How do you know what a good speaker is?


Frequency response for high end speakers at every price level is usually relatively flat. The differences in audible sound quality reported by audiophiles is disproportionate to the differences in frequency response between different speakers therefore frequency response cannot be a very significant factor in what we're hearing.
Distortion is usually below 0.5% so again the same reasoning applies.
I'm not convinced that polar response is quite as important as is sometimes claimed. 

If you look at the specs of most ultra high end loudspeakers,  there's no hard evidence provided by the manufacturers to justify their claims that their speaker is vastly superior.
And if there was it would need to be independently verified.

So how does the consumer know how close any given loudspeaker is to the ideal loudspeaker? How do we know how close a loudspeaker is to recreating the sound of a violin, cello, piano, human voice, or anything else? 

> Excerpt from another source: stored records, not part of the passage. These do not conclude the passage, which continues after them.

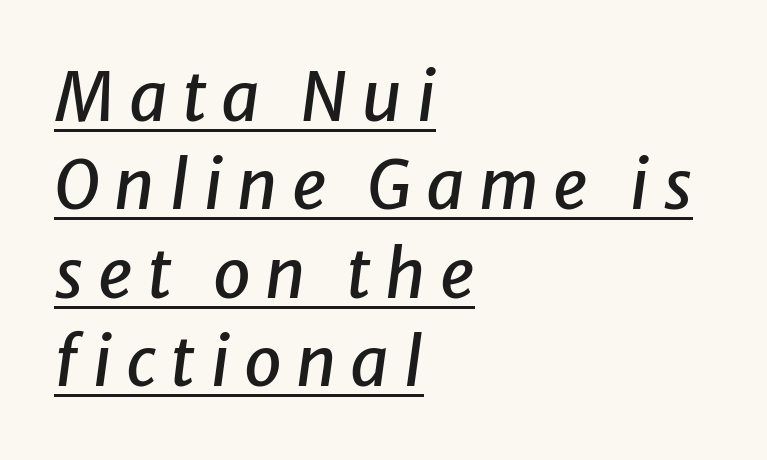
Q: Is the text italic (slanted)? A: Yes, it leans right by about 8 degrees.
Q: Is the text underlined? A: Yes.
Q: How is the paragraph aligned? A: Left-aligned.
Q: Is the spacing between letters normal or unusually wide? A: Unusually wide.
Q: Is the spacing between lines tight, normal or loose? A: Normal.
Q: Width (condensed, normal, or wide)? A: Normal.
Q: Stroke contrast? A: Low.
Q: x-height? A: Medium.
Q: Monospaced? A: No.
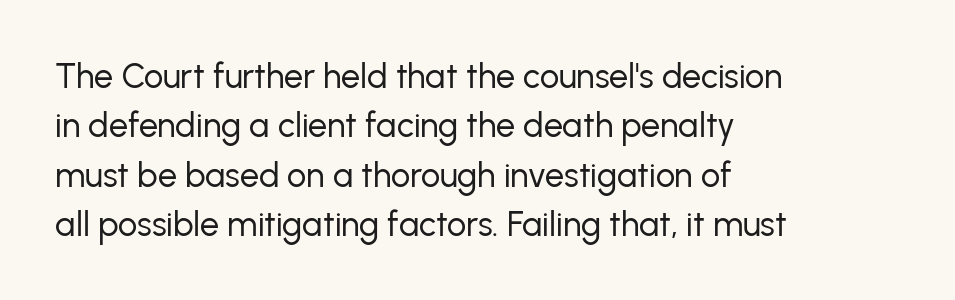
Q: Is the text bold? A: No.
Q: Is the text italic (slanted)? A: No, it is upright.
Q: Is the typeface a serif or a sans-serif typeface? A: Sans-serif.
Q: Is the text underlined? A: No.
Q: How is the paragraph aligned? A: Left-aligned.
Q: Is the spacing between letters normal or unusually wide? A: Normal.
Q: Is the spacing between lines tight, normal or loose? A: Normal.
Q: Width (condensed, normal, or wide)? A: Normal.
Q: Stroke contrast? A: Low.
Q: x-height? A: Medium.
Q: Monospaced? A: No.
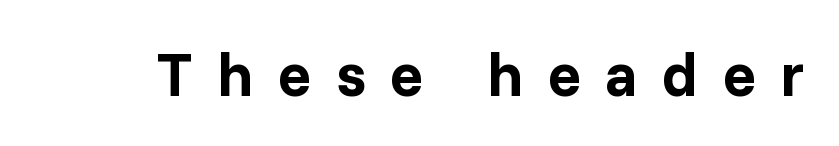
Q: Is the text bold? A: Yes.
Q: Is the text italic (slanted)? A: No, it is upright.
Q: Is the typeface a serif or a sans-serif typeface? A: Sans-serif.
Q: Is the text underlined? A: No.
Q: Is the spacing between letters normal or unusually wide? A: Unusually wide.
Q: Width (condensed, normal, or wide)? A: Normal.
Q: Stroke contrast? A: Low.
Q: x-height? A: Medium.
Q: Monospaced? A: No.
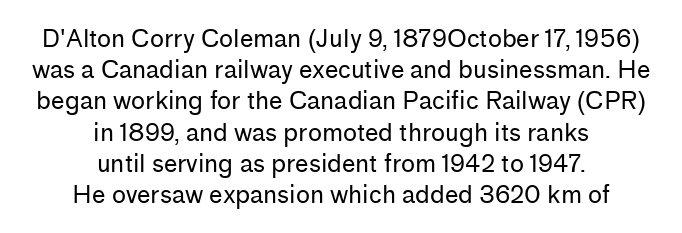
Q: Is the text bold? A: No.
Q: Is the text italic (slanted)? A: No, it is upright.
Q: Is the text underlined? A: No.
Q: How is the paragraph aligned? A: Centered.
Q: Is the spacing between letters normal or unusually wide? A: Normal.
Q: Is the spacing between lines tight, normal or loose? A: Normal.
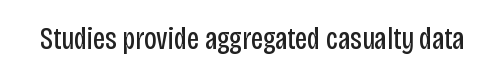
Q: Is the text bold? A: No.
Q: Is the text italic (slanted)? A: No, it is upright.
Q: Is the typeface a serif or a sans-serif typeface? A: Sans-serif.
Q: Is the text underlined? A: No.
Q: Is the spacing between letters normal or unusually wide? A: Normal.
Q: Width (condensed, normal, or wide)? A: Condensed.
Q: Stroke contrast? A: Low.
Q: x-height? A: Large.
Q: Monospaced? A: No.
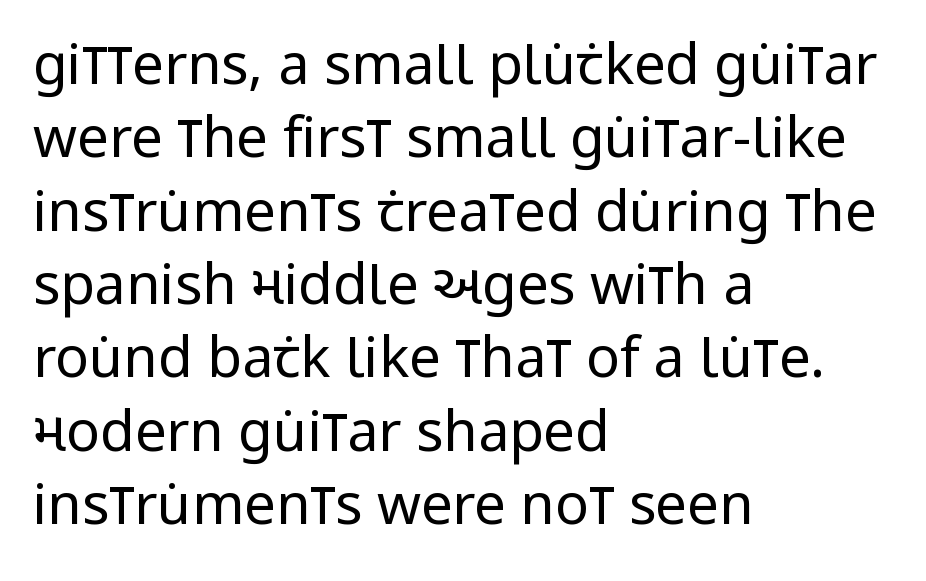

What makes a magico vastly different from a yg or Wilson? On the other hand if the difference between these speakers is extremely small then why is there such a discrepancy in opinions and why do we need a yg and a magico and Wilson and tidal audio and b&w etc on the market if they're all so similar?  







kenjit

Showing 1 response by drbarney1

I think Magnepan and Martin-Logan engineers who eschew boxes and simplify the crossover to first order: a capacitor to the tweeter and a coil to the mid-bass regard the very complicated crossovers, notch filters that attempt to tame the wild variability of impedance with respect to frequency and the bracing of cabinets to try to minimize the effect of a speaker varying the pressure on a cabinet as what John Northrup called "inventing rubber gloves for leaky fountain-pens." These simplifications and auditioning made my choice very easy. But these first-order crossover designs and their planar diaphragms take extra power to duplicate the volume of the orchestra and singers in an opera house. I also like the simplicity of the single ended triode amplifier which, in the case of the usual choices like the 300-B, are not powerful enough. So if you want both the open purity of a planar speaker and that SET refinement you have to drive the speakers with something like an 822-A single ended triode amplifier, which is not as difficult as you think to design and build.